Um cenário mais construtivo só volta ao radar com fechamentos semanais acima de US$ 85 mil. Apenas nesse contexto os alvos entre US$97,5 mil e US$102 mil voltam a se tornar factíveis, sinalizando retomada de força e maior alinhamento entre mercado à vista e derivativos.

O indicador de Gamma para provedores de liquidez aponta que o Bitcoin atravessa um período de volatilidade exacerbada. Nesse regime, os market makers tendem a atuar de forma pró-cíclica, sendo forçados a comprar quando os preços sobem e vender quando o mercado cai, o que amplifica os movimentos e aumenta a intensidade das oscilações no curto prazo.

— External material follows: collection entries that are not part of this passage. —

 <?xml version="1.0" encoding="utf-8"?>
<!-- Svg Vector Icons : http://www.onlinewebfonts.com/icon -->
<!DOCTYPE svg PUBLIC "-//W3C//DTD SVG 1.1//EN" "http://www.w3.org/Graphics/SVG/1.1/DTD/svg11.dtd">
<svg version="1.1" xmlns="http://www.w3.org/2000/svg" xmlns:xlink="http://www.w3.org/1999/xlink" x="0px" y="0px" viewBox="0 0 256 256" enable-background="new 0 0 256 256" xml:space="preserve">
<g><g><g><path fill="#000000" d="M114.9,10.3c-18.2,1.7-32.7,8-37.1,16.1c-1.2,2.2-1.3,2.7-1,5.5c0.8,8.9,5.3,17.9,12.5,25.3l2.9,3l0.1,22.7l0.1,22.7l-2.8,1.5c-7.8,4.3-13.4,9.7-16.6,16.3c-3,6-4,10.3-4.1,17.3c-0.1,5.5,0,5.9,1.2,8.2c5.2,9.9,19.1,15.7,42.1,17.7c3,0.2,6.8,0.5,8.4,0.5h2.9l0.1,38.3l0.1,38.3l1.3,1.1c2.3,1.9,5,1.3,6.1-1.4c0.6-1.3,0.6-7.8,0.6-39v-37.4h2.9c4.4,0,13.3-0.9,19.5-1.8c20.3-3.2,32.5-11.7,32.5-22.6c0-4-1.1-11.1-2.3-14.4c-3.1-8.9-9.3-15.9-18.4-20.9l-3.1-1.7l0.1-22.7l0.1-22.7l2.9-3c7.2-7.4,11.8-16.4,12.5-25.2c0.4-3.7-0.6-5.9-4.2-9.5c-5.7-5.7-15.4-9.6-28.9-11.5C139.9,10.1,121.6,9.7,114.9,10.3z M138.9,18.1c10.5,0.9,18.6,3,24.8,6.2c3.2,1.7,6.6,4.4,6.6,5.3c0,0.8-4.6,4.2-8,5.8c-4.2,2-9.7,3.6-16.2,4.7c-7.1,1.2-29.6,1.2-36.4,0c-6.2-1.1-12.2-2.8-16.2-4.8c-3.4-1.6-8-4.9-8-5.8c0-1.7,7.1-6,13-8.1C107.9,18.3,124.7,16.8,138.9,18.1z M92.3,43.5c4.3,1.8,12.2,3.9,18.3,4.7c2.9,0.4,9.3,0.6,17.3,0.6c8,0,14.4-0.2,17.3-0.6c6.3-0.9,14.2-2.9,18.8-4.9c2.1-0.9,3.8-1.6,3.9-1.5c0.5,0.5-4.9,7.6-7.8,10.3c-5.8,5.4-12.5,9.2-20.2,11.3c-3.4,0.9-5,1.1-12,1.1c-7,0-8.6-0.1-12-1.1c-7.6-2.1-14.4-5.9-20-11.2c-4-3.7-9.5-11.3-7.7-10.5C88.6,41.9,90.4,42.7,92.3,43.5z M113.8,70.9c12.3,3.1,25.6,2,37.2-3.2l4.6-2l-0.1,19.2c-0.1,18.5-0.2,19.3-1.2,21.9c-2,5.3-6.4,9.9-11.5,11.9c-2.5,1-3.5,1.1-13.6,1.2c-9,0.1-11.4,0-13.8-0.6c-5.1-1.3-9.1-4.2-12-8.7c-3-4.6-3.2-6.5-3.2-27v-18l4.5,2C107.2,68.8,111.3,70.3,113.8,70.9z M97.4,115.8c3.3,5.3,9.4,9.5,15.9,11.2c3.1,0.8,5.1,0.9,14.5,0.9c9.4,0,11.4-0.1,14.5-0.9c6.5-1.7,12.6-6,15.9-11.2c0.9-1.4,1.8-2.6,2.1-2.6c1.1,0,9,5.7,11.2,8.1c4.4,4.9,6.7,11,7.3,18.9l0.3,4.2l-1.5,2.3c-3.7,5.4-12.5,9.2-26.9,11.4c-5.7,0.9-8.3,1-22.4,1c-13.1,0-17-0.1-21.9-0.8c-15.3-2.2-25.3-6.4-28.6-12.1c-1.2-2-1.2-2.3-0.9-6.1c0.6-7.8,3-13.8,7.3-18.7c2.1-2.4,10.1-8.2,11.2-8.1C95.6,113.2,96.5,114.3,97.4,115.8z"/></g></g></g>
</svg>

A dominância do Bitcoin recuou ao longo da semana, levantando a dúvida se o movimento reflete uma fragilidade relativa do BTC durante a correção ou se indica que as altcoins já passaram por um processo mais profundo de exaustão vendedora.
A confirmação desse cenário deve vir em um eventual repique do Bitcoin em direção à região dos US$ 82 mil. O comportamento da dominância nesse nível será decisivo para indicar os próximos movimentos do mercado, especialmente para avaliar se haverá rotação de fluxo para altcoins ou uma retomada da liderança do BTC.

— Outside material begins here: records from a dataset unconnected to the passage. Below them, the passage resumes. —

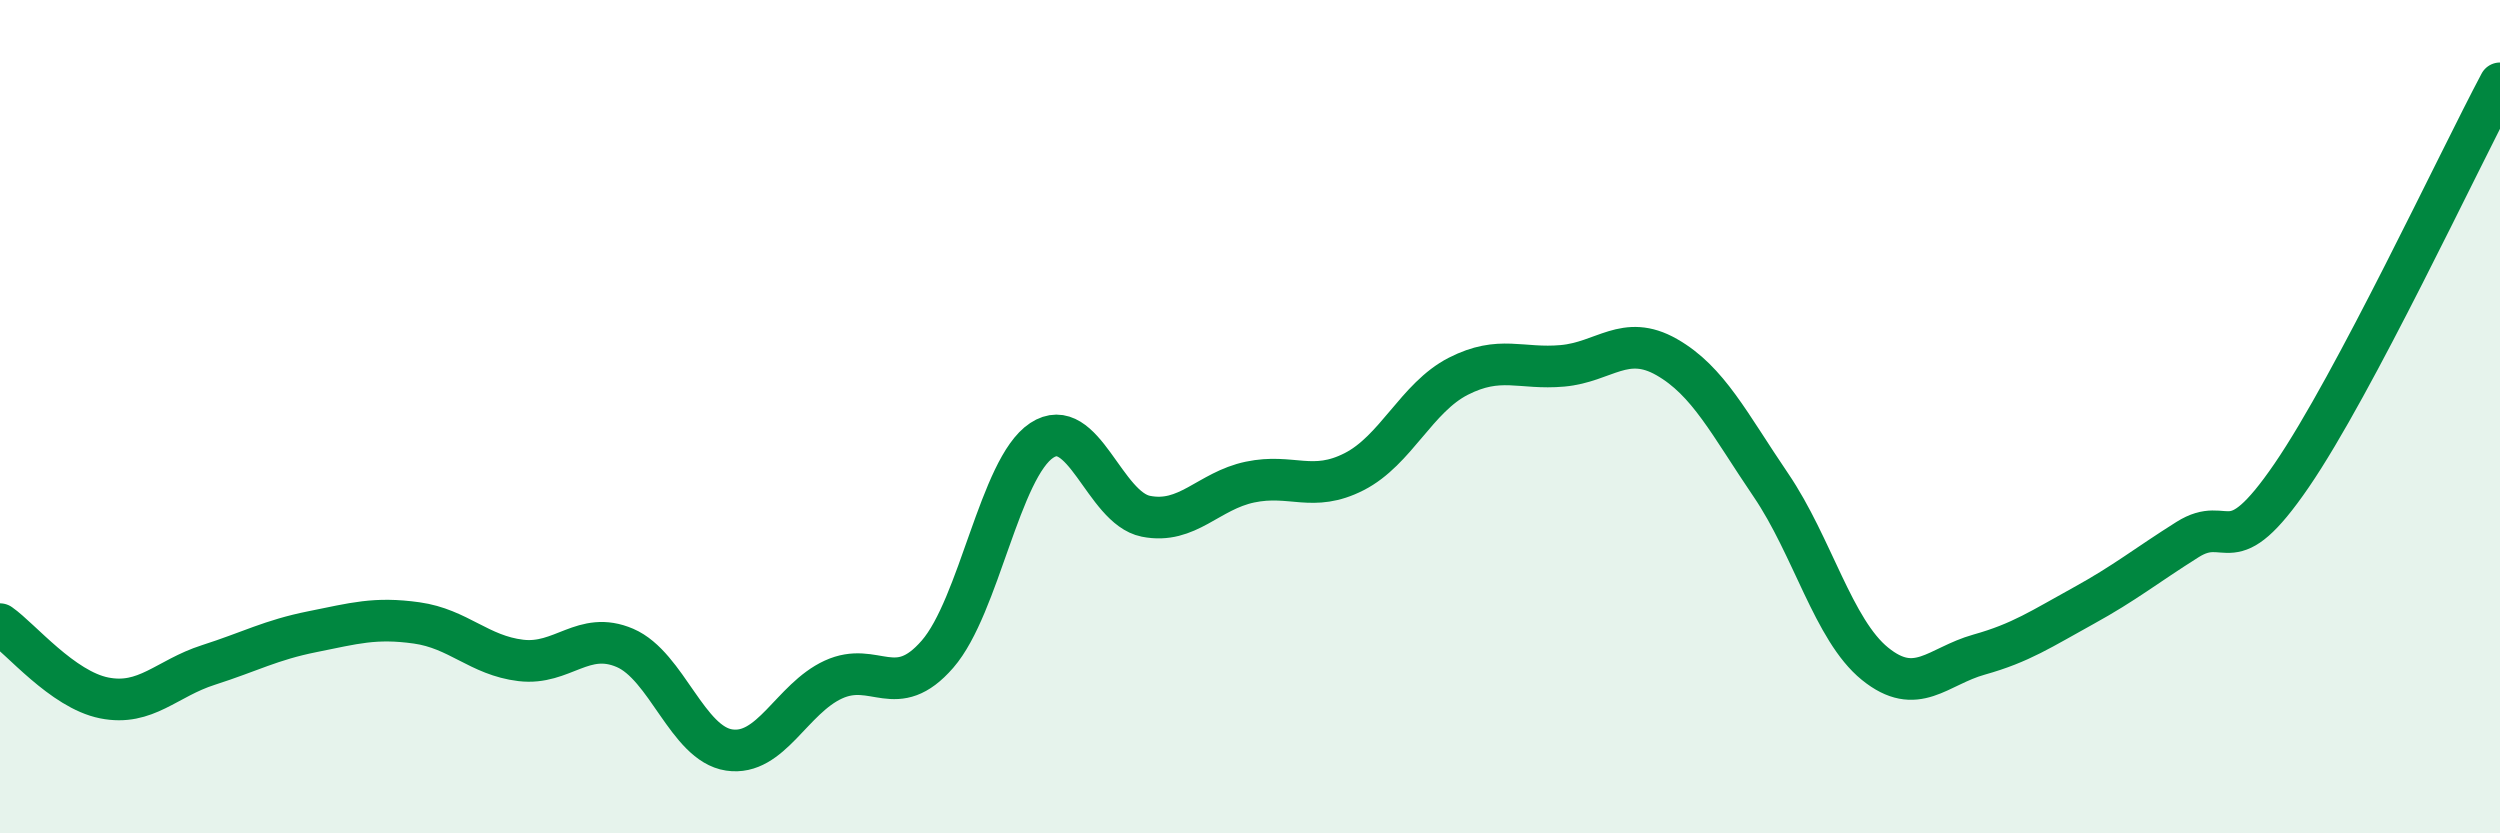 
    <svg width="60" height="20" viewBox="0 0 60 20" xmlns="http://www.w3.org/2000/svg">
      <path
        d="M 0,14.98 C 0.5,15.33 1.5,16.55 2.5,16.75 C 3.5,16.95 4,16.28 5,15.96 C 6,15.64 6.5,15.36 7.5,15.16 C 8.5,14.96 9,14.81 10,14.95 C 11,15.09 11.5,15.73 12.5,15.85 C 13.5,15.97 14,15.12 15,15.55 C 16,15.98 16.5,17.85 17.5,18 C 18.5,18.15 19,16.77 20,16.31 C 21,15.85 21.5,16.85 22.5,15.7 C 23.5,14.55 24,11.23 25,10.57 C 26,9.91 26.5,12.19 27.5,12.39 C 28.5,12.59 29,11.78 30,11.57 C 31,11.36 31.5,11.83 32.5,11.32 C 33.5,10.81 34,9.54 35,9.03 C 36,8.52 36.5,8.87 37.5,8.78 C 38.5,8.69 39,8 40,8.57 C 41,9.14 41.5,10.17 42.5,11.64 C 43.5,13.11 44,15.12 45,15.93 C 46,16.74 46.5,15.99 47.5,15.71 C 48.5,15.43 49,15.09 50,14.54 C 51,13.99 51.5,13.58 52.5,12.95 C 53.5,12.32 53.5,13.6 55,11.41 C 56.5,9.22 59,3.88 60,2L60 20L0 20Z"
        fill="#008740"
        opacity="0.1"
        stroke-linecap="round"
        stroke-linejoin="round"
      />
      <path
        d="M 0,14.98 C 0.5,15.33 1.5,16.55 2.5,16.75 C 3.5,16.95 4,16.28 5,15.96 C 6,15.64 6.5,15.36 7.5,15.16 C 8.5,14.96 9,14.81 10,14.95 C 11,15.09 11.5,15.73 12.5,15.85 C 13.5,15.97 14,15.12 15,15.55 C 16,15.98 16.5,17.85 17.5,18 C 18.5,18.15 19,16.77 20,16.31 C 21,15.85 21.5,16.85 22.5,15.7 C 23.5,14.55 24,11.23 25,10.57 C 26,9.91 26.5,12.19 27.5,12.39 C 28.5,12.59 29,11.78 30,11.57 C 31,11.36 31.5,11.83 32.5,11.32 C 33.5,10.81 34,9.54 35,9.03 C 36,8.52 36.5,8.87 37.5,8.78 C 38.5,8.69 39,8 40,8.57 C 41,9.14 41.5,10.17 42.5,11.64 C 43.5,13.11 44,15.12 45,15.93 C 46,16.74 46.5,15.99 47.5,15.71 C 48.5,15.43 49,15.09 50,14.54 C 51,13.99 51.5,13.58 52.5,12.95 C 53.5,12.32 53.5,13.6 55,11.41 C 56.5,9.22 59,3.88 60,2"
        stroke="#008740"
        stroke-width="1"
        fill="none"
        stroke-linecap="round"
        stroke-linejoin="round"
      />
    </svg>

O indicador de desempenho das Top 50 altcoins frente ao Bitcoin nos últimos 90 dias reforça a leitura de fraqueza relativa no curto prazo.

Surge, então, a questão: haverá espaço para um novo movimento favorável às altcoins em fevereiro? Essa possibilidade depende diretamente do comportamento do Bitcoin. A abertura de uma janela mais construtiva para as alts exige que o BTC retome momentum, com um rompimento consistente da faixa entre US$ 82 mil e US$ 85 mil, condição necessária para destravar rotação de capital e ampliar o apetite por risco no mercado.
Após a perda do suporte local em US$2,7 mil, o Ethereum passou a buscar seu principal nível de referência no horizonte de longo prazo, a tendência anual, atualmente situada em torno de US$2,2 mil. Esse patamar se consolida como a área mais relevante para a preservação da estrutura de alta no ciclo atual.
Diante desse cenário, a expectativa é de que o Ether oscile na região de US$2,4 mil ao longo de fevereiro, em um movimento de consolidação, enquanto o Bitcoin permanecer contido na faixa entre US$74 mil e US$85 mil. A ausência de definição no BTC tende a limitar avanços mais consistentes no ETH no curto prazo.
A retomada plena da força do Ethereum deve ocorrer como reflexo direto de uma recuperação mais ampla do Bitcoin. Um rompimento sustentado do BTC acima dos US$85 mil ao longo do mês seria o gatilho necessário para recolocar no radar a região de US$2,8 mil para o Ether.